UrgoClean Ag should be changed every 1 to 2 days during the wound desloughing phase, then as often as required (up to 7 days) depending on the exudate volume and the clinical condition of the wound. The maximum treatment duration with UrgoClean Ag is 1 month.

Precautions for use:

• Treatment with UrgoClean Ag should be performed under medical supervision.
• The use of this dressing does not dispense with the need for appropriate systemic antibacterial treatment for infected wounds, in accordance with local treatment protocols.
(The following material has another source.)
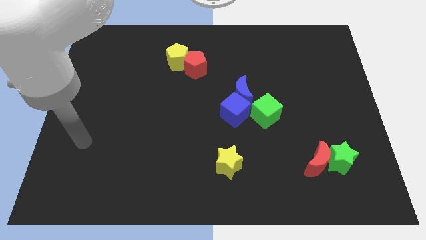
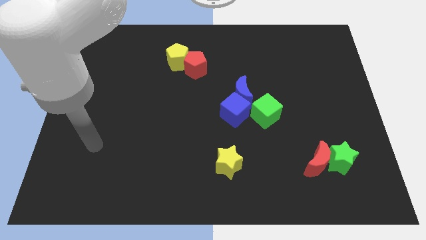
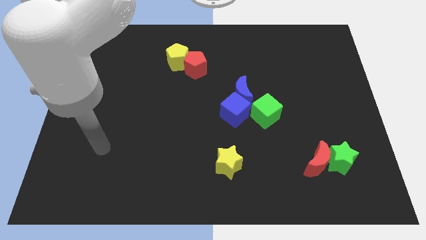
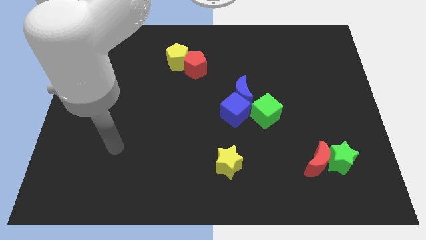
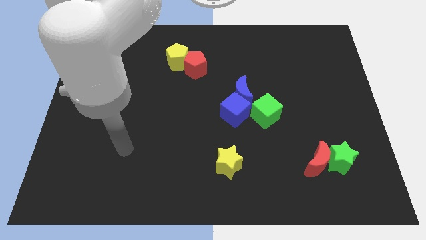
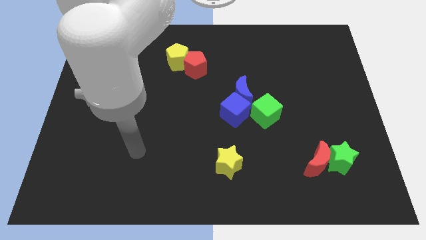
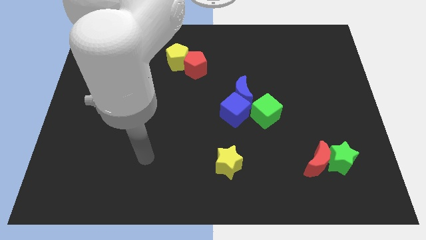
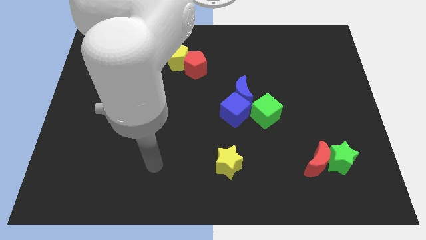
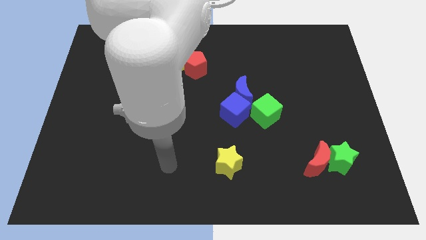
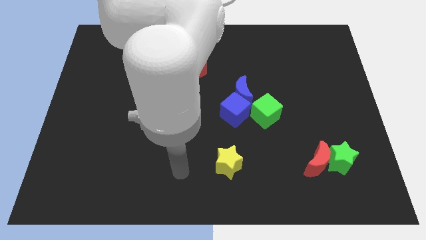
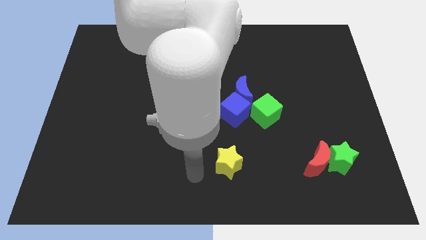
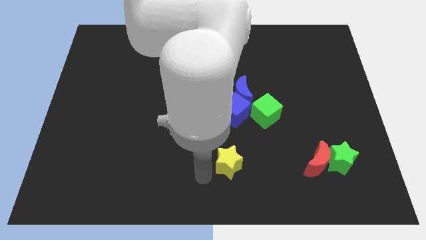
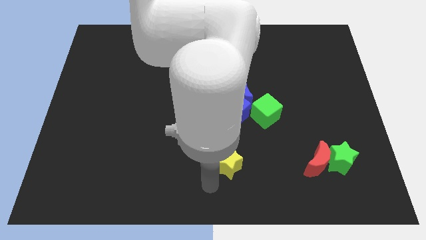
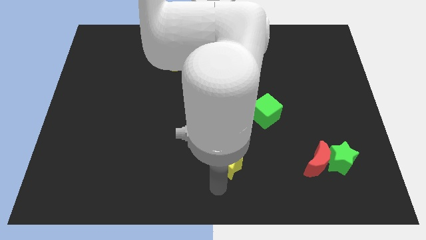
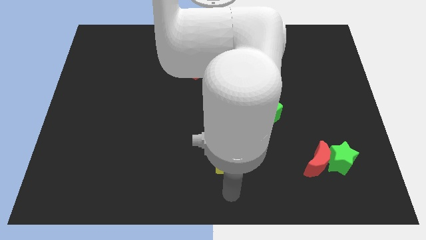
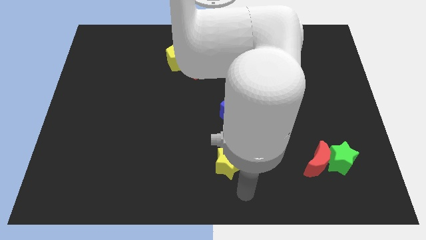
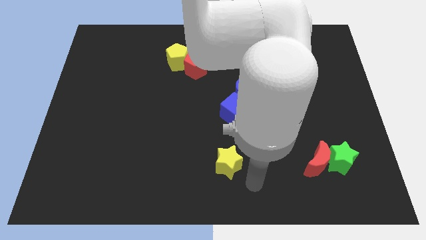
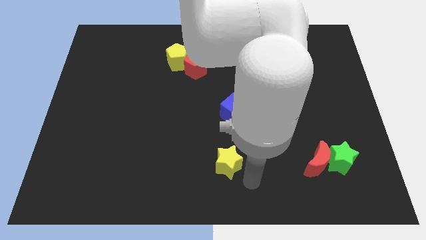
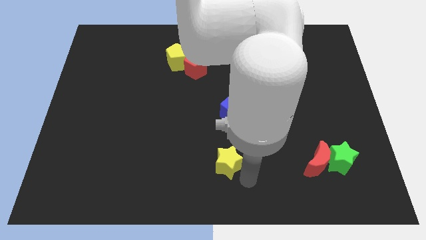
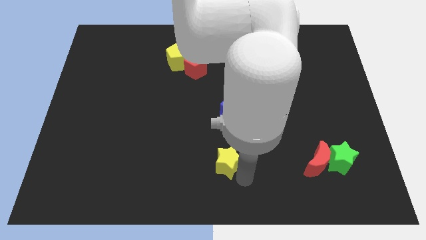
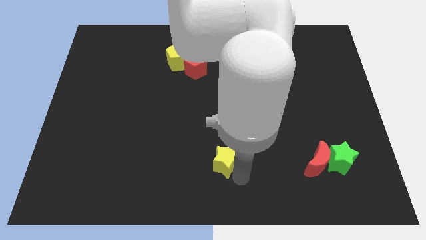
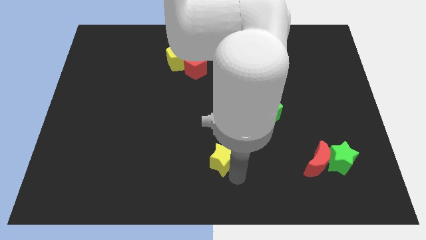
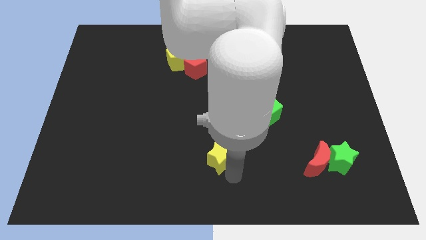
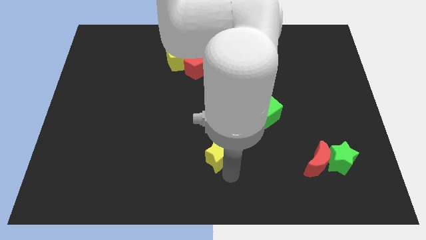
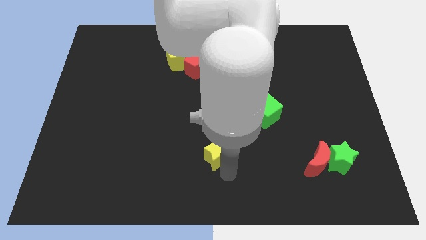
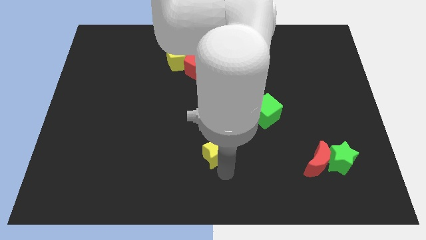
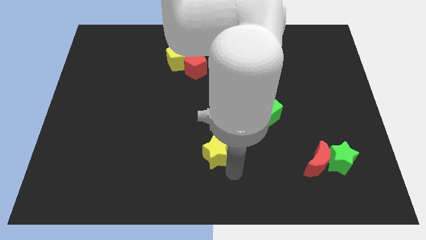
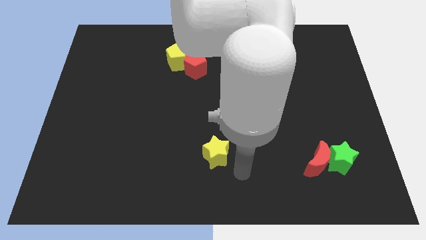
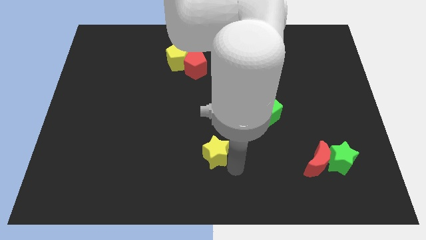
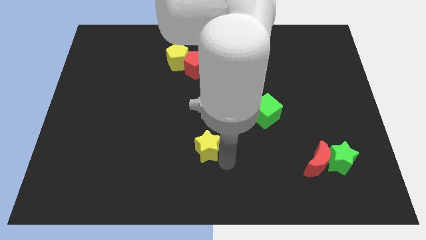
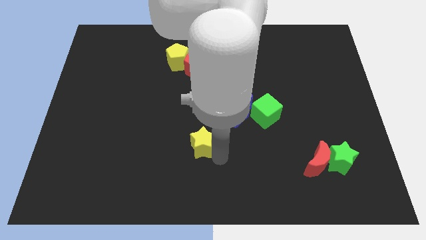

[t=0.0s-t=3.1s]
move the yellow star upwards and to the left a bit

• The silver-impregnated micro-adherent healing matrix (TLC-Ag) in UrgoClean Ag sticks to latex surgical gloves. It is therefore recommended that the dressing be handled carefully, avoiding any contact with the micro-adherent side, or using sterile tongs.
• The concomitant use of other local treatments is not recommended.
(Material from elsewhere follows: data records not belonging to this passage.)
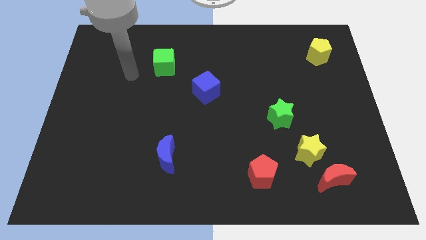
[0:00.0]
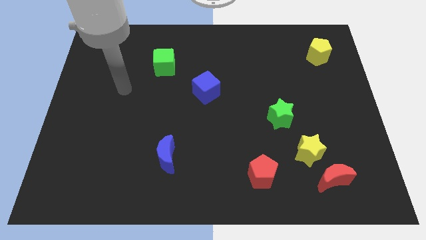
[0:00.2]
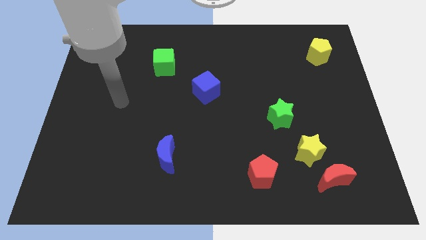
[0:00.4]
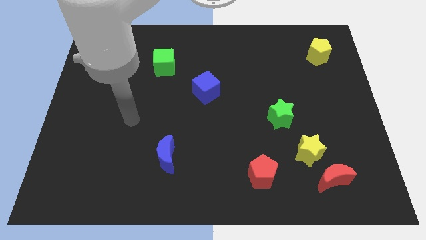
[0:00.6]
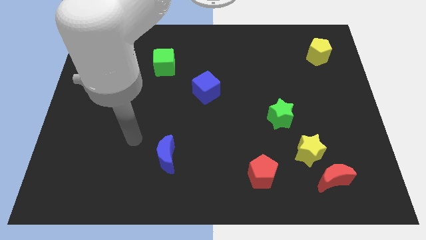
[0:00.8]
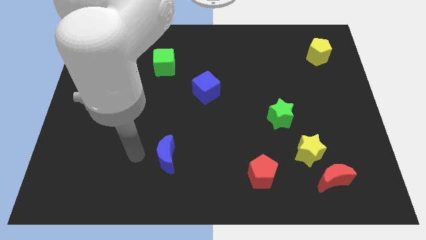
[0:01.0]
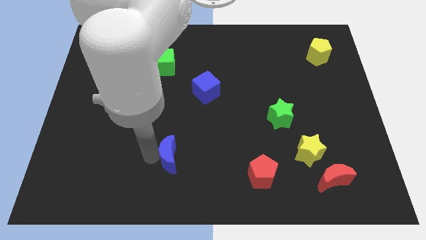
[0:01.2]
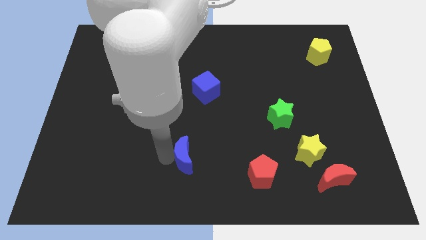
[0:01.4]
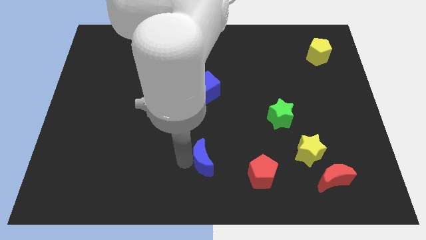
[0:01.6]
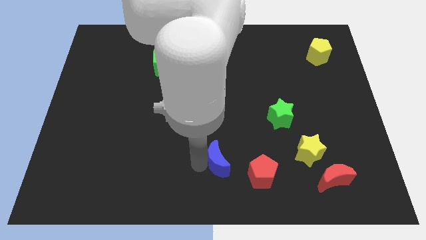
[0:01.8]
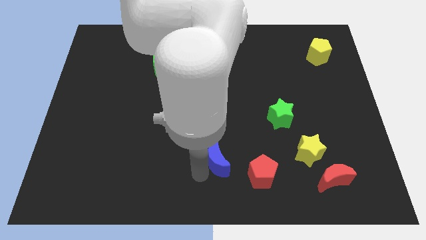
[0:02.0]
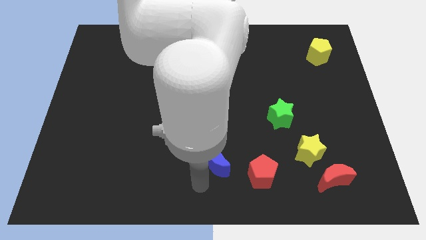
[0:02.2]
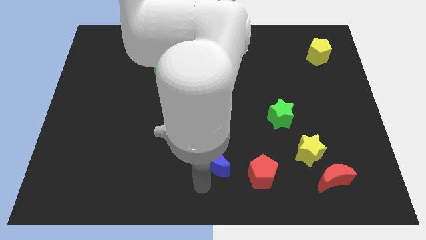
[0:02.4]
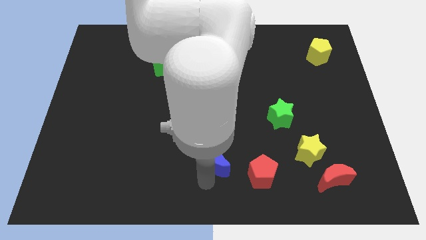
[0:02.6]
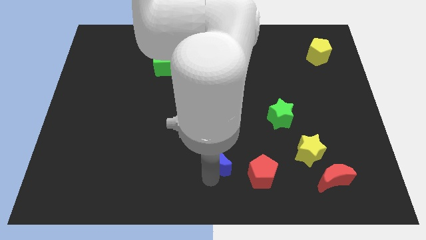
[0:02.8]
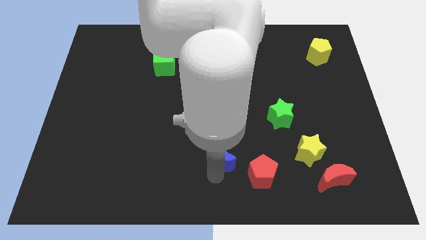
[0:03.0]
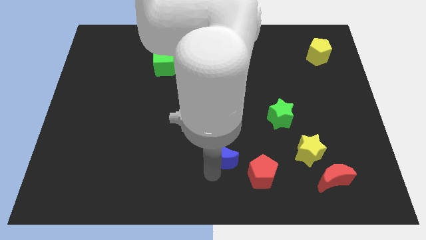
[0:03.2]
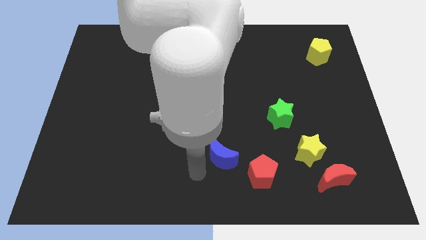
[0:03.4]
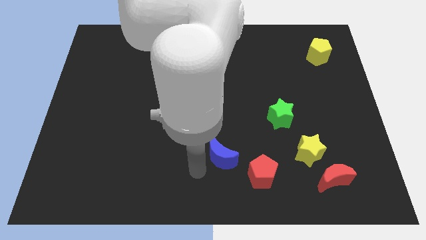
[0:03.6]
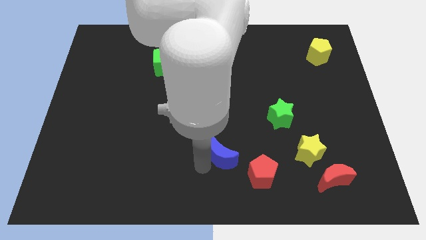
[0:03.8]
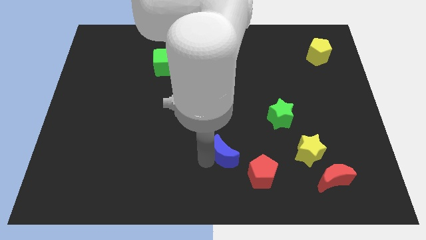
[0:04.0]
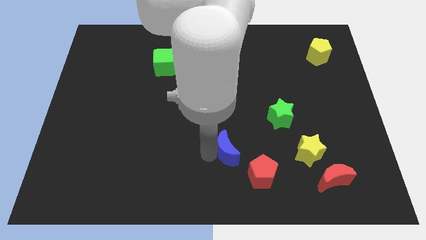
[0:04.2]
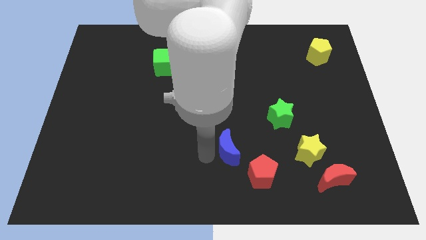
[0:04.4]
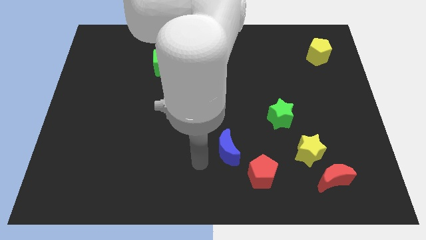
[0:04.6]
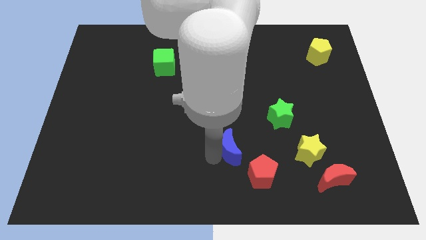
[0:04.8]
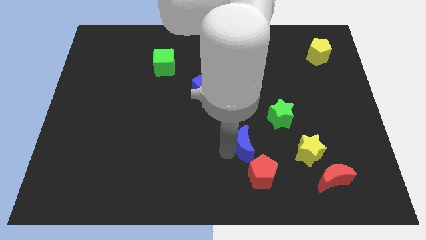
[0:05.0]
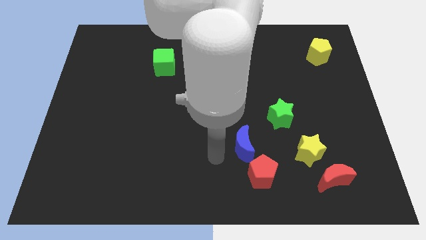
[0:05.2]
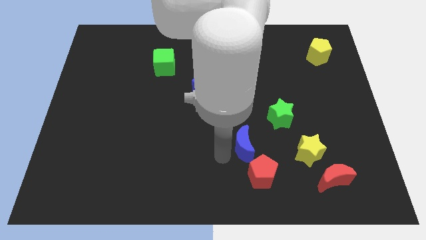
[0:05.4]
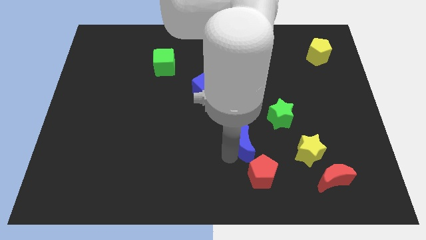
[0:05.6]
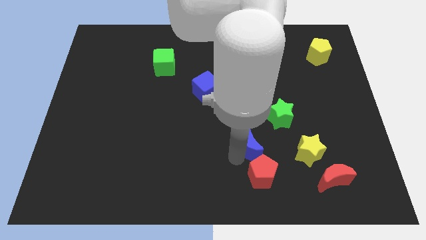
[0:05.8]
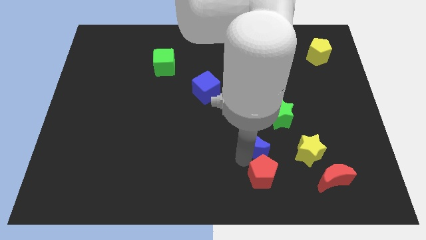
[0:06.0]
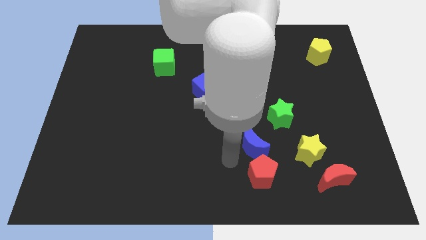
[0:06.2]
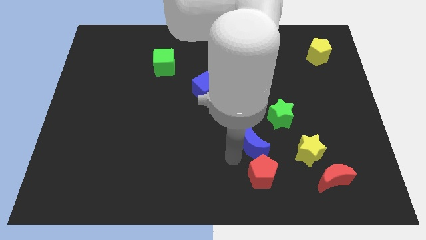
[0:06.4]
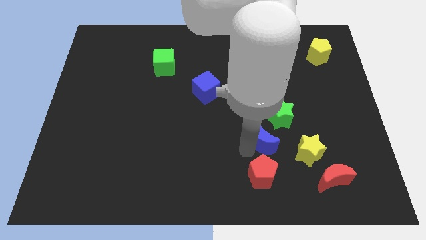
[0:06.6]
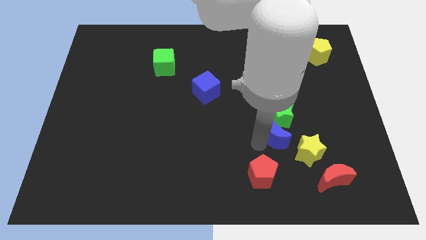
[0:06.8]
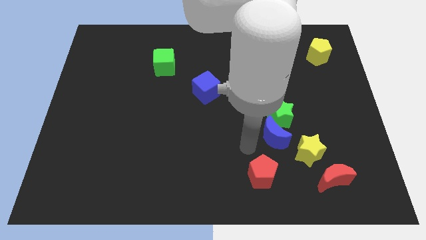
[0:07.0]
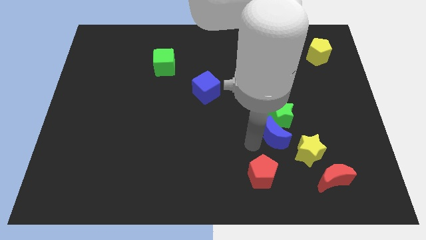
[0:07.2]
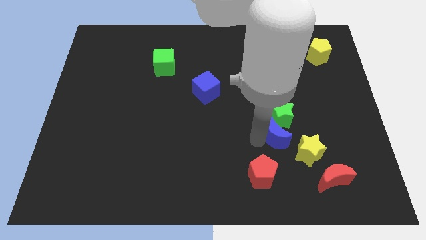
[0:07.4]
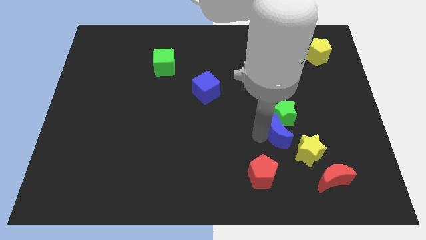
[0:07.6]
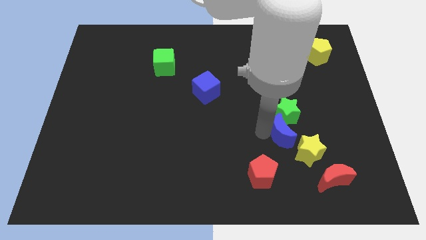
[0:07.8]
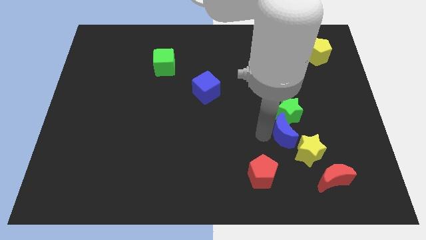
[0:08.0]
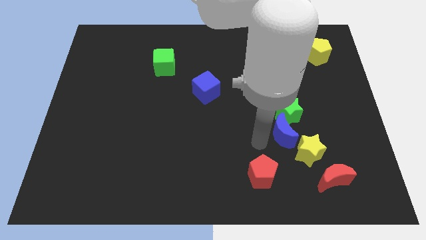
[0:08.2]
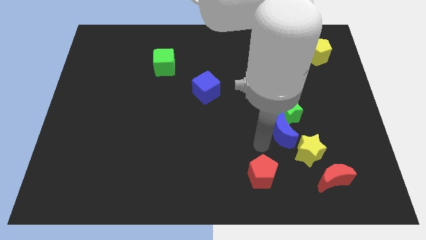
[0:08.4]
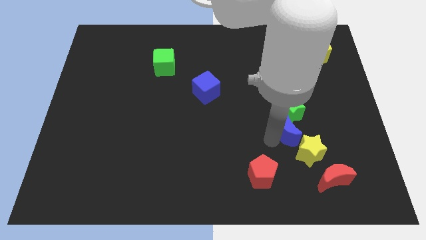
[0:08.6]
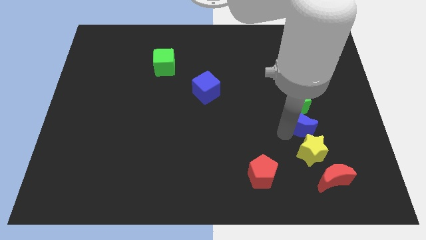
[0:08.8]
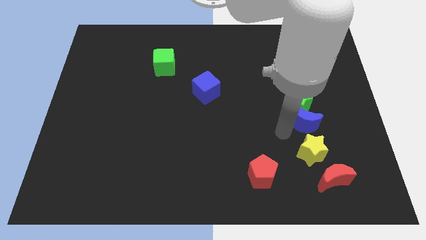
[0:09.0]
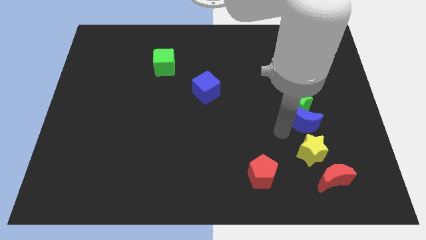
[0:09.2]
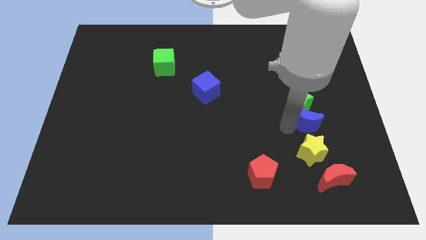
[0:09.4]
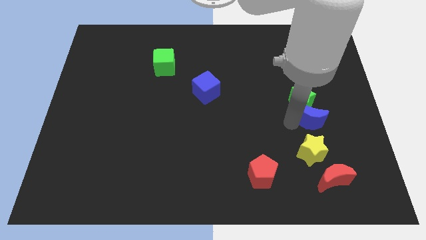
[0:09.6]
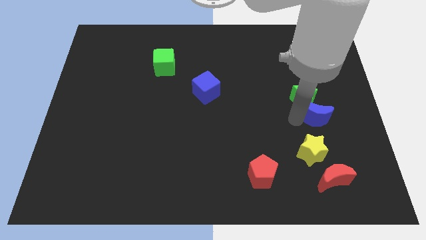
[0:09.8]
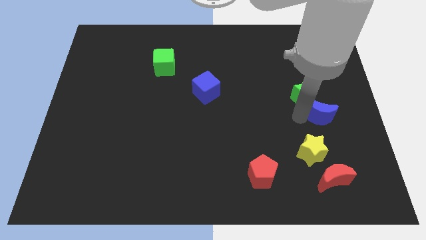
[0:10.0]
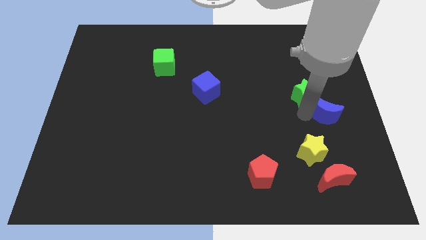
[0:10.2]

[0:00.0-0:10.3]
move the blue moon to the right side of the board

• Avoid contact with electrodes or conductive gels during electronic measurements, such as EEG or ECG recordings.
• Clinicians and healthcare professionals must take into account the fact that data concerning the prolonged and repeated use of a silver dressing, particularly in children and newborn babies, are not very extensively documented.
• In the absence of specific clinical data, the use of the UrgoClean Ag dressing during pregnancy or breastfeeding or in newborn or premature babies is not recommended.
• UrgoClean Ag must not be used during hyperbaric oxygen chamber therapy without an oxygen mask (risk of combustion due to the presence of fat). This contraindication does not apply for hyperbaric oxygen chamber therapy with an oxygen mask if the oxygen concentration inside the chamber is less than 25% and if UrgoClean Ag is not applied on the area over which the mask is placed.
• Sterile individual packaging, for single use. Reuse of a single-use dressing can lead to risks of infection.
• Check that the sterility protector is intact before use. Do not use if the packaging is damaged.
• Do not re-sterilise.
• For disposal, refer to the existing protocol. Discard any unused parts of the dressing.

(1) Dalac S., Sigat L., Addala A. et al., Clinical evaluation of a dressing with poly absorbent fibres and a silver matrix for managing chronic wounds at risk of infection: a non comparative trial. J Wound Care, Vol 25, No 9, September 2016.